NEW YORK (AP) — Stocks edged lower Wednesday, pulling indexes down from near to record levels.
The Standard & Poor's 500 fell one point to 1,518 as of 3:31 p.m. EST. The index climbed as high as 1,524 during the day, the highest since November 2007. It is up 6.4 percent so far this year.
The Dow Jones industrial average dropped back below 14,000, shedding 55 points to 13,963. The Dow has gained 6.6 percent this year and is trading within 1.5 percent of its record close of 14,164 set in October 2007.
"Sometimes the market needs to take a break and consolidate the gains," said Quincy Krosby, a markets strategist for Prudential Financial. "There's a certain respect attributed to crossing certain historical levels."

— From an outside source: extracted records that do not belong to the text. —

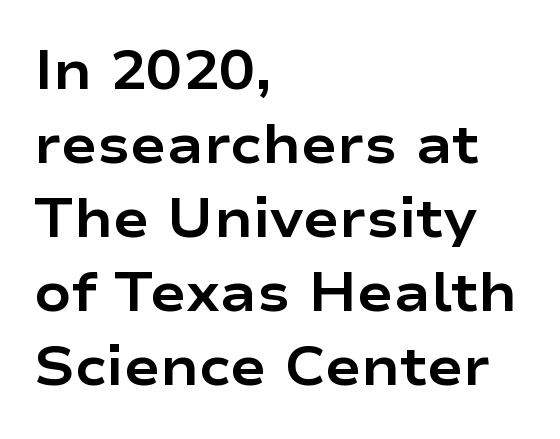
Q: Is the text bold? A: Yes.
Q: Is the text italic (slanted)? A: No, it is upright.
Q: Is the typeface a serif or a sans-serif typeface? A: Sans-serif.
Q: Is the text underlined? A: No.
Q: How is the paragraph aligned? A: Left-aligned.
Q: Is the spacing between letters normal or unusually wide? A: Normal.
Q: Is the spacing between lines tight, normal or loose? A: Normal.
Q: Width (condensed, normal, or wide)? A: Wide.
Q: Stroke contrast? A: Low.
Q: x-height? A: Medium.
Q: Monospaced? A: No.

McDonald's was among the biggest decliner on the Dow, logging its biggest drop of the year, on concern that Americans will have less money to spend following a rise in Social Security taxes. The government reported that spending by Americans barely moved up last month.
McDonald's slipped $1.15, or 1.2 percent, to $93.94. Buffalo Wild Wings stock plunged $4.62 to $76.44 after its earnings fell short of analysts' expectations. Burger King and Wendy's also fell.
"Consumer spending is coming under pressure," said Bryan Elliott, an analyst at Raymond James. "It's the easiest way to save money, stay at home and cook."
Investors sent the stocks of General Electric and Comcast higher after GE agreed Tuesday to sell its stake in NBCUniversal to Comcast for $16.7 billion. GE said it would use up to $10 billion of the money to buy back its own stock. GE rose 81 cents to $23.39. Comcast advanced 96 cents to $39.95.
Trading has been relatively quiet in recent days following a strong opening to the year. The Dow logged its best January in almost two decades after lawmakers reached a last-minute deal to avoid the "fiscal cliff" of sweeping tax increases and spending cuts. Investors are also becoming more optimistic that the housing market is recovering and that hiring is picking up.
"We're cautiously optimistic on stocks," said Colleen Supran, principal at Bingham, Osborn & Scarborough. "There is some indication that we could be continuing on this slow growth trajectory."
Supran said investors should still be prepared for volatility in the stock market and not assume that the gains from January and so far in February will set the pattern for the rest of the year.
Strengthening the economy and creating jobs were key topics in President Barack Obama's State of the Union address late Tuesday, the first since his re-election. Although the economy is healthier than it was four years ago, growth remains slow and unemployment high.
Obama announced that the U.S. will begin talks with the European Union on a trans-Atlantic trade agreement. He also called for increased spending to fix roads and bridges and the first increase in the minimum wage in six years. The president also challenged deeply divided lawmakers to find compromises to avoid massive, automatic spending cuts that are scheduled to take place March 1.
The government reported that Americans' spending at retail businesses and restaurants slowed last month after higher taxes cut their paychecks. Retail sales growth slowed to 0.1 percent in January, from a 0.5 percent increase in December.
The Nasdaq composite rose 4 points to 3,190.
As stocks have advanced, bond prices have slumped.
The yield on the 10-year Treasury note, which moves inversely to its price, rose 4 basis points to 2.02 percent. The yield on the note has risen more than 30 basis points since the start of the year.
Among other stocks making big moves:
— Groupon rose 38 cents to $5.66 after brokerage firm Sterne, Agee & Leach, raised its rating on the company to "Buy" from "Neutral," citing the long-term potential for Groupon's changing business model. The online deals company has lost almost three quarters of its value since going public in November 2011 at $20 as revenue growth slowed.
— Dean Foods, a milk producer, fell $1.79 to $16.60, after announcing a profit forecast that fell short of Wall Street expectations.